Tuesday, 11 May 2010

Asylum – a GBLT issue.

Asylum seekers – or, as I much refer to say, refugees. I know it’s not strictly accurate, but the British press has so demonised “Asylum Seekers” that it has become a convenient avoidant term. We use asylum seekers to imply fakers and slackers coming here to steals our monies and our jobz while being too lazy to work. Yeah, whatever. Call them refugees – call them what they are – people desperately fleeing from persecution. People fleeing from oppression, persecution, torture and death. People who have lost everything and are running for their lives. At least be HONEST about the hell you want to throw these people to!

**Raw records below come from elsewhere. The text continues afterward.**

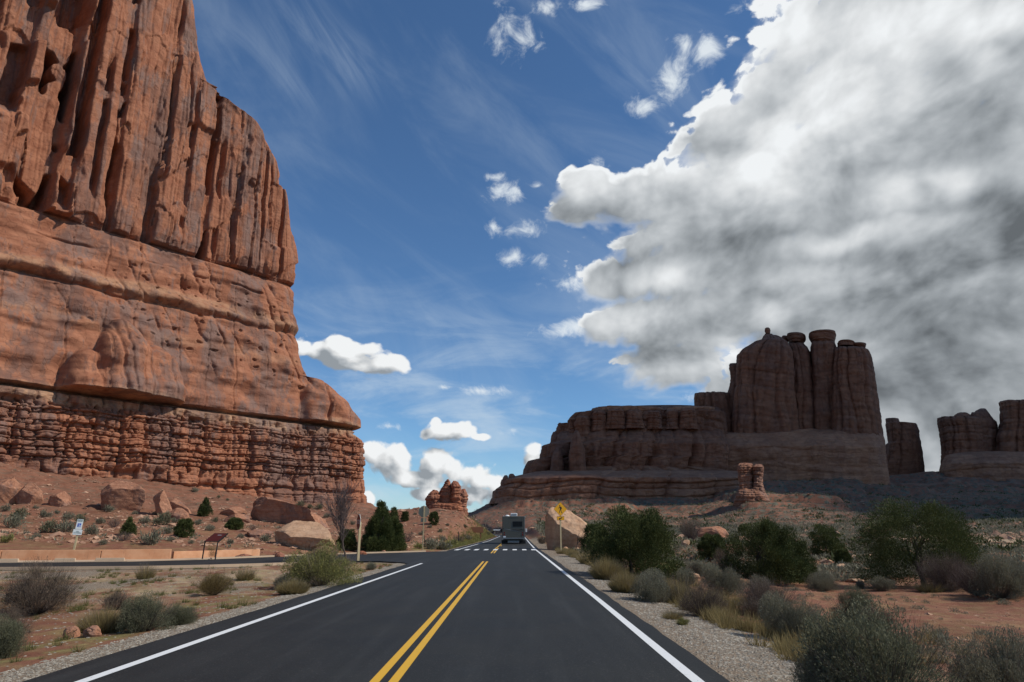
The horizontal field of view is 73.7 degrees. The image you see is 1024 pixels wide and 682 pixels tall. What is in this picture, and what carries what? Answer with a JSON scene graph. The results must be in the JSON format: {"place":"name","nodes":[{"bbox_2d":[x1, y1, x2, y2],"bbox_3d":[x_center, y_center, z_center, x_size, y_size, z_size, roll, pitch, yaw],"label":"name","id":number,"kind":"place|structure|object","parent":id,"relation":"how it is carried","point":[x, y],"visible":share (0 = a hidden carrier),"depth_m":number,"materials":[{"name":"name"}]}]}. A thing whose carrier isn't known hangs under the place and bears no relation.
{"place":"outdoors","nodes":[
{"label":"outdoors","id":0,"kind":"place"},
{"bbox_2d":[19,557,212,561],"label":"pavement","id":1,"kind":"structure","parent":0,"point":[125,559],"depth_m":35.50,"materials":[{"name":"beige concrete"}]},
{"bbox_2d":[202,533,228,559],"bbox_3d":[-15.934,11.075,36.612,1.245,1.481,0.417,-4,-16,14],"label":"information panel","id":2,"kind":"object","parent":1,"relation":"on","point":[217,537],"visible":0.85,"depth_m":36.63,"materials":[{"name":"metal"}]},
{"bbox_2d":[0,0,366,503],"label":"sandstone cliff","id":3,"kind":"structure","parent":0,"point":[149,328],"depth_m":151.32,"materials":[{"name":"stone"}]},
{"bbox_2d":[0,563,379,666],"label":"island gravel","id":4,"kind":"structure","parent":0,"point":[141,597],"depth_m":18.47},
{"bbox_2d":[0,551,444,566],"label":"side road","id":5,"kind":"structure","parent":0,"point":[406,557],"depth_m":33.94,"materials":[{"name":"asphalt"}]},
{"bbox_2d":[0,562,305,569],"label":"kerb","id":6,"kind":"structure","parent":5,"relation":"on","point":[158,567],"depth_m":28.21,"materials":[{"name":"beige concrete"}]},
{"bbox_2d":[210,550,425,558],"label":"kerb","id":7,"kind":"structure","parent":5,"relation":"on","point":[310,554],"depth_m":39.94,"materials":[{"name":"beige concrete"}]},
{"bbox_2d":[22,534,729,681],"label":"road","id":8,"kind":"structure","parent":0,"point":[519,614],"depth_m":9.80,"materials":[{"name":"asphalt"}]},
{"bbox_2d":[75,563,422,681],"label":"white edge line","id":9,"kind":"object","parent":8,"relation":"on","point":[104,673],"visible":1,"depth_m":9.60,"materials":[{"name":"paint"}]},
{"bbox_2d":[370,561,483,681],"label":"yellow centre line","id":10,"kind":"object","parent":8,"relation":"on","point":[385,669],"visible":0.99,"depth_m":9.68,"materials":[{"name":"paint"}]},
{"bbox_2d":[388,561,487,681],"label":"yellow centre line","id":11,"kind":"object","parent":8,"relation":"on","point":[403,668],"visible":1,"depth_m":9.68,"materials":[{"name":"paint"}]},
{"bbox_2d":[500,513,526,543],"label":"motorhome","id":12,"kind":"object","parent":8,"relation":"on","point":[513,529],"visible":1,"depth_m":76.66,"materials":[{"name":"grey metal"}]},
{"bbox_2d":[525,538,703,681],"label":"white edge line","id":13,"kind":"object","parent":8,"relation":"on","point":[681,667],"visible":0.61,"depth_m":9.86,"materials":[{"name":"paint"}]},
{"bbox_2d":[0,462,1023,681],"bbox_3d":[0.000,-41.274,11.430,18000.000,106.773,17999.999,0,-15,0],"label":"ground","id":14,"kind":"structure","parent":0,"point":[968,603],"depth_m":45.70,"materials":[{"name":"soil"}]},
{"bbox_2d":[0,476,22,504],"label":"boulder","id":15,"kind":"object","parent":14,"relation":"on","point":[11,488],"visible":0.81,"depth_m":82.66,"materials":[{"name":"stone"}]},
{"bbox_2d":[0,512,30,527],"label":"sage shrub","id":16,"kind":"object","parent":14,"relation":"on","point":[14,521],"visible":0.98,"depth_m":55.97,"materials":[{"name":"green plant"}]},
{"bbox_2d":[0,612,32,658],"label":"green shrub","id":17,"kind":"object","parent":14,"relation":"on","point":[10,639],"visible":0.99,"depth_m":9.03,"materials":[{"name":"green plant"}]},
{"bbox_2d":[0,605,37,638],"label":"brown shrub","id":18,"kind":"object","parent":14,"relation":"on","point":[13,614],"visible":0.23,"depth_m":11.54,"materials":[{"name":"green plant"}]},
{"bbox_2d":[15,482,43,503],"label":"boulder","id":19,"kind":"object","parent":14,"relation":"on","point":[29,493],"visible":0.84,"depth_m":82.56,"materials":[{"name":"stone"}]},
{"bbox_2d":[0,554,90,615],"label":"brown shrub","id":20,"kind":"object","parent":14,"relation":"on","point":[19,591],"visible":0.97,"depth_m":15.72,"materials":[{"name":"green plant"}]},
{"bbox_2d":[48,491,71,506],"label":"boulder","id":21,"kind":"object","parent":14,"relation":"on","point":[62,499],"visible":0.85,"depth_m":81.45,"materials":[{"name":"stone"}]},
{"bbox_2d":[53,519,75,532],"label":"sage shrub","id":22,"kind":"object","parent":14,"relation":"on","point":[69,526],"visible":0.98,"depth_m":51.88,"materials":[{"name":"green plant"}]},
{"bbox_2d":[72,519,83,549],"bbox_3d":[-23.531,10.850,36.776,0.445,2.420,0.099,7,-17,-12],"label":"accessible parking sign","id":23,"kind":"object","parent":14,"relation":"on","point":[77,531],"visible":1,"depth_m":36.92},
{"bbox_2d":[0,549,171,559],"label":"wall","id":24,"kind":"structure","parent":14,"relation":"on","point":[95,554],"depth_m":35.77,"materials":[{"name":"paint"}]},
{"bbox_2d":[83,625,101,636],"bbox_3d":[-6.626,4.594,10.767,0.332,0.209,0.215,-9,-18,30],"label":"boulder","id":25,"kind":"object","parent":14,"relation":"on","point":[93,631],"visible":0.91,"depth_m":10.70,"materials":[{"name":"stone"}]},
{"bbox_2d":[70,603,126,633],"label":"grass tuft","id":26,"kind":"object","parent":14,"relation":"on","point":[106,623],"visible":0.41,"depth_m":11.15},
{"bbox_2d":[97,589,133,610],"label":"brown shrub","id":27,"kind":"object","parent":14,"relation":"on","point":[113,599],"visible":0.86,"depth_m":15.48,"materials":[{"name":"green plant"}]},
{"bbox_2d":[100,480,145,511],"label":"boulder","id":28,"kind":"object","parent":14,"relation":"on","point":[123,495],"visible":0.82,"depth_m":77.77,"materials":[{"name":"stone"}]},
{"bbox_2d":[118,516,137,534],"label":"juniper tree","id":29,"kind":"object","parent":14,"relation":"on","point":[128,525],"visible":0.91,"depth_m":49.63,"materials":[{"name":"green plant"}]},
{"bbox_2d":[132,562,159,579],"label":"grass tuft","id":30,"kind":"object","parent":14,"relation":"on","point":[141,574],"visible":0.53,"depth_m":24.14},
{"bbox_2d":[116,590,178,633],"bbox_3d":[-5.970,4.426,11.191,0.994,0.663,0.991,5,-16,-17],"label":"green shrub","id":31,"kind":"object","parent":14,"relation":"on","point":[134,619],"visible":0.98,"depth_m":11.08,"materials":[{"name":"green plant"}]},
{"bbox_2d":[134,527,167,544],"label":"sage shrub","id":32,"kind":"object","parent":14,"relation":"on","point":[152,538],"visible":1,"depth_m":42.13,"materials":[{"name":"green plant"}]},
{"bbox_2d":[153,490,171,514],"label":"boulder","id":33,"kind":"object","parent":14,"relation":"on","point":[161,501],"visible":0.79,"depth_m":76.80,"materials":[{"name":"stone"}]},
{"bbox_2d":[151,510,175,524],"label":"green shrub","id":34,"kind":"object","parent":14,"relation":"on","point":[162,518],"visible":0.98,"depth_m":60.79,"materials":[{"name":"green plant"}]},
{"bbox_2d":[166,508,189,518],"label":"boulder","id":35,"kind":"object","parent":14,"relation":"on","point":[180,513],"visible":0.63,"depth_m":69.39,"materials":[{"name":"stone"}]},
{"bbox_2d":[168,498,190,513],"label":"boulder","id":36,"kind":"object","parent":14,"relation":"on","point":[175,503],"visible":0.6,"depth_m":80.80,"materials":[{"name":"stone"}]},
{"bbox_2d":[159,603,206,625],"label":"green shrub","id":37,"kind":"object","parent":14,"relation":"on","point":[186,617],"visible":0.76,"depth_m":11.74,"materials":[{"name":"green plant"}]},
{"bbox_2d":[172,518,195,537],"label":"juniper tree","id":38,"kind":"object","parent":14,"relation":"on","point":[183,527],"visible":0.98,"depth_m":48.92,"materials":[{"name":"green plant"}]},
{"bbox_2d":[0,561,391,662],"bbox_3d":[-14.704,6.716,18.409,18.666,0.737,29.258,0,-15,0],"label":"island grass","id":39,"kind":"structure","parent":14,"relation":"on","point":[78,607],"depth_m":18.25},
{"bbox_2d":[0,562,406,681],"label":"shoulder gravel","id":40,"kind":"structure","parent":14,"relation":"on","point":[147,635],"depth_m":9.96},
{"bbox_2d":[196,496,213,516],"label":"juniper tree","id":41,"kind":"object","parent":14,"relation":"on","point":[204,509],"visible":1,"depth_m":77.80,"materials":[{"name":"green plant"}]},
{"bbox_2d":[188,568,235,595],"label":"golden shrub","id":42,"kind":"object","parent":14,"relation":"on","point":[215,583],"visible":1,"depth_m":17.57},
{"bbox_2d":[172,549,259,558],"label":"wall","id":43,"kind":"structure","parent":14,"relation":"on","point":[207,553],"depth_m":39.25,"materials":[{"name":"paint"}]},
{"bbox_2d":[220,507,246,515],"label":"boulder","id":44,"kind":"object","parent":14,"relation":"on","point":[232,511],"visible":0.68,"depth_m":79.99,"materials":[{"name":"stone"}]},
{"bbox_2d":[223,517,244,529],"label":"juniper tree","id":45,"kind":"object","parent":14,"relation":"on","point":[233,523],"visible":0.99,"depth_m":59.54,"materials":[{"name":"green plant"}]},
{"bbox_2d":[0,467,469,547],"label":"slope scrub","id":46,"kind":"object","parent":14,"relation":"on","point":[102,535],"visible":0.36,"depth_m":55.14,"materials":[{"name":"green plant"}]},
{"bbox_2d":[0,464,477,552],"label":"slope rubble","id":47,"kind":"object","parent":14,"relation":"on","point":[95,537],"visible":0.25,"depth_m":56.74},
{"bbox_2d":[234,566,258,580],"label":"grass tuft","id":48,"kind":"object","parent":14,"relation":"on","point":[240,576],"visible":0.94,"depth_m":23.92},
{"bbox_2d":[247,529,274,537],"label":"boulder","id":49,"kind":"object","parent":14,"relation":"on","point":[255,533],"visible":0.77,"depth_m":56.17,"materials":[{"name":"stone"}]},
{"bbox_2d":[250,497,328,526],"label":"boulder","id":50,"kind":"object","parent":14,"relation":"on","point":[268,509],"visible":0.86,"depth_m":77.98,"materials":[{"name":"stone"}]},
{"bbox_2d":[272,575,310,594],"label":"grass tuft","id":51,"kind":"object","parent":14,"relation":"on","point":[291,587],"visible":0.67,"depth_m":17.20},
{"bbox_2d":[275,521,338,552],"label":"boulder","id":52,"kind":"object","parent":14,"relation":"on","point":[297,533],"visible":0.78,"depth_m":47.18,"materials":[{"name":"stone"}]},
{"bbox_2d":[280,537,363,586],"bbox_3d":[-5.542,6.450,19.981,2.356,1.398,2.260,-4,-16,14],"label":"rabbitbrush","id":53,"kind":"object","parent":14,"relation":"on","point":[319,568],"visible":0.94,"depth_m":19.70,"materials":[{"name":"plant"}]},
{"bbox_2d":[316,470,360,559],"bbox_3d":[-8.781,8.847,34.428,1.974,4.645,3.131,0,-15,0],"label":"bare tree","id":54,"kind":"object","parent":14,"relation":"on","point":[342,508],"visible":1,"depth_m":34.34,"materials":[{"name":"brown plant"}]},
{"bbox_2d":[336,528,357,549],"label":"juniper tree","id":55,"kind":"object","parent":14,"relation":"on","point":[350,540],"visible":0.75,"depth_m":48.34,"materials":[{"name":"green plant"}]},
{"bbox_2d":[360,499,397,551],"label":"juniper tree","id":56,"kind":"object","parent":14,"relation":"on","point":[379,526],"visible":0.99,"depth_m":48.65,"materials":[{"name":"green plant"}]},
{"bbox_2d":[381,507,407,550],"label":"juniper tree","id":57,"kind":"object","parent":14,"relation":"on","point":[399,532],"visible":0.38,"depth_m":49.90,"materials":[{"name":"green plant"}]},
{"bbox_2d":[418,505,428,550],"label":"road sign","id":58,"kind":"object","parent":14,"relation":"on","point":[423,511],"visible":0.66,"depth_m":51.45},
{"bbox_2d":[425,479,467,514],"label":"rock spire","id":59,"kind":"object","parent":14,"relation":"on","point":[449,495],"visible":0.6,"depth_m":107.55,"materials":[{"name":"stone"}]},
{"bbox_2d":[416,514,495,549],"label":"verge grass","id":60,"kind":"structure","parent":14,"relation":"on","point":[476,538],"depth_m":88.74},
{"bbox_2d":[468,499,558,533],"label":"sagebrush slope","id":61,"kind":"structure","parent":14,"relation":"on","point":[474,516],"depth_m":291.30,"materials":[{"name":"green plant"}]},
{"bbox_2d":[554,502,566,550],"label":"pedestrian crossing sign","id":62,"kind":"object","parent":14,"relation":"on","point":[560,509],"visible":0.81,"depth_m":48.42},
{"bbox_2d":[545,507,589,549],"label":"boulder","id":63,"kind":"object","parent":14,"relation":"on","point":[572,525],"visible":0.59,"depth_m":56.01,"materials":[{"name":"stone"}]},
{"bbox_2d":[578,523,609,553],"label":"juniper tree","id":64,"kind":"object","parent":14,"relation":"on","point":[587,528],"visible":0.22,"depth_m":41.86,"materials":[{"name":"green plant"}]},
{"bbox_2d":[587,554,628,580],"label":"grass tuft","id":65,"kind":"object","parent":14,"relation":"on","point":[601,571],"visible":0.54,"depth_m":22.44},
{"bbox_2d":[488,405,738,504],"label":"sandstone mesa","id":66,"kind":"structure","parent":14,"relation":"on","point":[649,451],"depth_m":414.59,"materials":[{"name":"stone"}]},
{"bbox_2d":[606,565,638,593],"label":"grass tuft","id":67,"kind":"object","parent":14,"relation":"on","point":[620,584],"visible":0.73,"depth_m":17.70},
{"bbox_2d":[579,503,688,578],"bbox_3d":[4.407,7.398,25.072,3.985,2.935,3.766,0,-15,0],"label":"juniper tree","id":68,"kind":"object","parent":14,"relation":"on","point":[640,540],"visible":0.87,"depth_m":24.24,"materials":[{"name":"green plant"}]},
{"bbox_2d":[626,567,681,602],"bbox_3d":[3.325,5.673,15.873,1.365,0.780,1.390,2,-16,-6],"label":"sage shrub","id":69,"kind":"object","parent":14,"relation":"on","point":[655,588],"visible":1,"depth_m":15.71,"materials":[{"name":"green plant"}]},
{"bbox_2d":[660,607,685,619],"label":"grass tuft","id":70,"kind":"object","parent":14,"relation":"on","point":[670,615],"visible":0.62,"depth_m":12.46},
{"bbox_2d":[666,571,693,602],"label":"grass tuft","id":71,"kind":"object","parent":14,"relation":"on","point":[680,590],"visible":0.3,"depth_m":15.85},
{"bbox_2d":[671,566,699,585],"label":"sage shrub","id":72,"kind":"object","parent":14,"relation":"on","point":[691,574],"visible":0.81,"depth_m":23.01,"materials":[{"name":"green plant"}]},
{"bbox_2d":[677,516,700,539],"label":"bare shrub","id":73,"kind":"object","parent":14,"relation":"on","point":[691,531],"visible":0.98,"depth_m":102.48,"materials":[{"name":"brown plant"}]},
{"bbox_2d":[685,558,707,575],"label":"sage shrub","id":74,"kind":"object","parent":14,"relation":"on","point":[696,566],"visible":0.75,"depth_m":32.03,"materials":[{"name":"green plant"}]},
{"bbox_2d":[672,578,728,616],"bbox_3d":[3.722,5.040,13.455,1.179,0.796,1.206,9,-18,-28],"label":"brown shrub","id":75,"kind":"object","parent":14,"relation":"on","point":[712,599],"visible":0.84,"depth_m":13.36,"materials":[{"name":"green plant"}]},
{"bbox_2d":[696,532,725,559],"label":"juniper tree","id":76,"kind":"object","parent":14,"relation":"on","point":[707,544],"visible":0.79,"depth_m":62.66,"materials":[{"name":"green plant"}]},
{"bbox_2d":[697,526,728,538],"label":"boulder","id":77,"kind":"object","parent":14,"relation":"on","point":[719,530],"visible":0.54,"depth_m":110.35,"materials":[{"name":"stone"}]},
{"bbox_2d":[700,562,745,595],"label":"sage shrub","id":78,"kind":"object","parent":14,"relation":"on","point":[729,582],"visible":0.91,"depth_m":20.87,"materials":[{"name":"green plant"}]},
{"bbox_2d":[439,478,1023,541],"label":"talus rubble","id":79,"kind":"object","parent":14,"relation":"on","point":[1004,536],"visible":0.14,"depth_m":129.91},
{"bbox_2d":[733,463,769,506],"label":"rock pillar","id":80,"kind":"object","parent":14,"relation":"on","point":[751,488],"visible":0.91,"depth_m":289.58,"materials":[{"name":"stone"}]},
{"bbox_2d":[737,595,766,619],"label":"brown shrub","id":81,"kind":"object","parent":14,"relation":"on","point":[753,609],"visible":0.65,"depth_m":13.99,"materials":[{"name":"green plant"}]},
{"bbox_2d":[718,516,812,584],"bbox_3d":[13.824,11.589,37.804,4.886,3.690,4.773,0,-15,0],"label":"juniper tree","id":82,"kind":"object","parent":14,"relation":"on","point":[770,549],"visible":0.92,"depth_m":36.89,"materials":[{"name":"green plant"}]},
{"bbox_2d":[735,573,800,614],"bbox_3d":[5.624,5.587,15.044,1.449,0.984,1.464,-6,-17,20],"label":"bare shrub","id":83,"kind":"object","parent":14,"relation":"on","point":[758,591],"visible":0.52,"depth_m":14.97,"materials":[{"name":"brown plant"}]},
{"bbox_2d":[535,477,1023,580],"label":"sagebrush plain","id":84,"kind":"structure","parent":14,"relation":"on","point":[832,567],"depth_m":162.77,"materials":[{"name":"green plant"}]},
{"bbox_2d":[536,478,1023,562],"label":"dark brush","id":85,"kind":"object","parent":14,"relation":"on","point":[981,537],"visible":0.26,"depth_m":176.44,"materials":[{"name":"green plant"}]},
{"bbox_2d":[694,327,889,484],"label":"sandstone butte","id":86,"kind":"object","parent":14,"relation":"on","point":[794,408],"visible":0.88,"depth_m":445.58,"materials":[{"name":"stone"}]},
{"bbox_2d":[757,590,828,638],"bbox_3d":[4.549,4.457,11.084,1.154,0.807,1.134,3,-16,-12],"label":"sage shrub","id":87,"kind":"object","parent":14,"relation":"on","point":[781,612],"visible":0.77,"depth_m":10.96,"materials":[{"name":"green plant"}]},
{"bbox_2d":[773,538,817,578],"bbox_3d":[16.571,12.798,40.050,2.802,2.596,2.744,0,-15,0],"label":"juniper tree","id":88,"kind":"object","parent":14,"relation":"on","point":[799,548],"visible":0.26,"depth_m":39.63,"materials":[{"name":"green plant"}]},
{"bbox_2d":[787,645,851,681],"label":"sage shrub","id":89,"kind":"object","parent":14,"relation":"on","point":[807,675],"visible":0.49,"depth_m":6.62,"materials":[{"name":"green plant"}]},
{"bbox_2d":[803,570,842,591],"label":"sage shrub","id":90,"kind":"object","parent":14,"relation":"on","point":[821,580],"visible":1,"depth_m":32.79,"materials":[{"name":"green plant"}]},
{"bbox_2d":[807,524,846,555],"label":"juniper tree","id":91,"kind":"object","parent":14,"relation":"on","point":[826,537],"visible":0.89,"depth_m":65.27,"materials":[{"name":"green plant"}]},
{"bbox_2d":[833,548,852,564],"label":"juniper tree","id":92,"kind":"object","parent":14,"relation":"on","point":[840,555],"visible":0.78,"depth_m":54.67,"materials":[{"name":"green plant"}]},
{"bbox_2d":[827,583,874,625],"bbox_3d":[7.205,5.590,14.515,0.994,0.888,0.991,-4,-16,13],"label":"green shrub","id":93,"kind":"object","parent":14,"relation":"on","point":[843,599],"visible":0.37,"depth_m":14.42,"materials":[{"name":"green plant"}]},
{"bbox_2d":[685,577,1023,680],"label":"scrub","id":94,"kind":"object","parent":14,"relation":"on","point":[946,635],"visible":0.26,"depth_m":12.61,"materials":[{"name":"brown plant"}]},
{"bbox_2d":[705,580,1022,677],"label":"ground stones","id":95,"kind":"object","parent":14,"relation":"on","point":[927,613],"visible":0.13,"depth_m":18.50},
{"bbox_2d":[856,605,899,628],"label":"bare shrub","id":96,"kind":"object","parent":14,"relation":"on","point":[880,613],"visible":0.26,"depth_m":13.35,"materials":[{"name":"brown plant"}]},
{"bbox_2d":[864,576,898,590],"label":"sage shrub","id":97,"kind":"object","parent":14,"relation":"on","point":[883,584],"visible":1,"depth_m":32.99,"materials":[{"name":"green plant"}]},
{"bbox_2d":[785,595,979,681],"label":"green shrub","id":98,"kind":"object","parent":14,"relation":"on","point":[851,659],"visible":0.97,"depth_m":6.51,"materials":[{"name":"green plant"}]},
{"bbox_2d":[885,418,924,475],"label":"rock fin","id":99,"kind":"object","parent":14,"relation":"on","point":[904,452],"visible":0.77,"depth_m":534.55,"materials":[{"name":"stone"}]},
{"bbox_2d":[846,496,996,585],"bbox_3d":[21.458,10.625,36.246,7.097,4.781,6.273,-12,-19,37],"label":"juniper tree","id":100,"kind":"object","parent":14,"relation":"on","point":[953,535],"visible":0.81,"depth_m":35.44,"materials":[{"name":"green plant"}]},
{"bbox_2d":[910,578,947,592],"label":"grass tuft","id":101,"kind":"object","parent":14,"relation":"on","point":[930,589],"visible":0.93,"depth_m":31.68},
{"bbox_2d":[910,550,978,592],"bbox_3d":[20.667,10.854,32.502,3.139,2.024,3.170,7,-17,-23],"label":"bare shrub","id":102,"kind":"object","parent":14,"relation":"on","point":[941,578],"visible":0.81,"depth_m":32.15,"materials":[{"name":"brown plant"}]},
{"bbox_2d":[947,560,987,595],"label":"bare shrub","id":103,"kind":"object","parent":14,"relation":"on","point":[964,583],"visible":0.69,"depth_m":28.46,"materials":[{"name":"brown plant"}]},
{"bbox_2d":[937,399,1023,481],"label":"sandstone butte","id":104,"kind":"object","parent":14,"relation":"on","point":[980,443],"visible":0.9,"depth_m":509.89,"materials":[{"name":"stone"}]},
{"bbox_2d":[939,624,1023,681],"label":"sage shrub","id":105,"kind":"object","parent":14,"relation":"on","point":[1001,663],"visible":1,"depth_m":7.64,"materials":[{"name":"green plant"}]},
{"bbox_2d":[957,551,1023,598],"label":"sage shrub","id":106,"kind":"object","parent":14,"relation":"on","point":[997,577],"visible":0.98,"depth_m":26.96,"materials":[{"name":"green plant"}]},
{"bbox_2d":[192,0,1023,512],"label":"sky","id":107,"kind":"structure","parent":0,"point":[510,220],"materials":[{"name":"blue"}]},
{"bbox_2d":[552,556,800,681],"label":"shoulder gravel","id":108,"kind":"structure","parent":0,"point":[727,642],"depth_m":10.13,"materials":[{"name":"gravel"}]},
{"bbox_2d":[546,544,1019,680],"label":"verge grass","id":109,"kind":"structure","parent":0,"point":[723,619],"depth_m":11.66,"materials":[{"name":"plant"}]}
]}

Refugees and their rights are very much something GBLT people need to be interested and involved in. Because they are often our brothers and sisters. We know that, in much of the world, persecution of GBLT people is extreme to the point of genocide. The only reason it isn’t named as such is because the powers that be are often rather content with our destruction and are afraid of offending the religious lobby by acknowledging our persecution to such a degree. In fact, the UN resolution on sexual orientation and gender identity, asserting that GBLT people should have human rights and not be persecuted, had to be reduced to a “gesture” declaration with numerous voices speaking against it (including the Holy See, no surprises there, and considerable initial opposition from the US) and a 57 nation bloc supporting a counter-declaration declaring the opposite – that we don’t have and aren’t worthy of human rights.

Homosexuality is illegal in about 70 countries in the world. In 77 nations we can be prosecuted for having sex, for not being virgins, for not living a lie. Most of these prosecutions come with a prison sentence (and GBLT people in prison are amongst the most vulnerable there are). At least 27 of these can be sentences of 10 years or more. At least a further 8 nations will execute gay people. And that number is, shockingly, growing.

And this tells not even half the story. On paper, Iraq legalises homosexuality, yet it is one of the worst places in the world to be GBLT as a result of the occupation and rising religious control. South Africa not only legalises homosexuality but also outlaws all anti-gay discrimination AND recognises same-sex marriage. Yet persecution, including “corrective rape” is a horrendous problem and is rarely addressed by the authorities. On paper Egypt outlaws homosexuality with a prison sentence up to 3 years – but that doesn’t cover the repeated instances of torture inflicted on GBLT people.

In fact, one of the recurring problems of GBLT persecution is not only legal persecution by the state, but state indifference to persecution, state refusal to protect GBLT people from attacks, violence, rape, torture and killing. Often large organisations, communities and especially churches are ready and eager to encourage the persecution

This makes Asylum vital to these GBLT people. While we fight for the rights to be treated as full and equal citizens and to cling to what rights we have managed to obtain (vitally important) our GBLT siblings across the globe fight to exist, fight to live, fight just to be. They live in countries where even the most minimal tolerance is too much to ask and is fiercely denied. To these people the only sanctuary available is to flee and to be sheltered in a nation that will not see them dead or imprisoned for the audacious crime of existing.

But, very depressingly but unsurprisingly, we are not welcoming to GBLT people seeking safety. Amnesty international has decried the EU sending refugees back to countries where they will be tortured. Because accepting promises as a reasonable precaution would be laughable if it weren’t so pathetic – to expect a torturer to play fair, especially since we hardly check up after wards, is ridiculous to the point of enraging – it is clear indifference on our part to allow this to continue. The torturer’s “promise” gives us sufficient excuse to turn a blind eye.

The UK has been deporting gay asylum seekers for years – under the hollow excuse that if they are “discreet” they will be safe… so long as they stay in hiding they may escape persecution. Never mind the societal pressures to marry and have a family that make such “discretion” impossible. Never mind the self-destruction that being closeted brings. Never mind that even when we are discreet, our sexualities can still be discovered, can still be exposed. Under the cover of “discretion” we have deported gay people to countries like Jamaica, Iraq and even Iran.

Our record with the protection of gay refugees is shameful – with a refusal rate that dwarfs even the shamefully high refusal rate we have with non-gay refugees. The ignorance, denial of GBLT people as being GBLT, the refusal to accept the state of GBLT persecution and the insistence that the closet solves all ills means we offer no sanctuary to even the most brutally oppressed GBLT people around the world. Frankly this whole report is enough to make me sick, despite having seen it up close, bringing it home like this -the ignorance, the homophobia, the privilege, the sheer indifference to the suffering is a matter for pure rage.

It should also come as no surprise that marginalised bodies – women, ethnic minorities and GBLT people are among those most likely to suffer under this negligence. Devalued both by the persecutor and by the country of supposed safety, the suffering of these bodies is too often ignored. This is a true intersectionality moment – a moment when we should come together and recognise that those of us who society devalues are the most at risk here. These are the most at risk of persecution abroad and indifference at home and the most in need of help.

The least we can offer these people is safety. It is so little to ask – and we are failing them.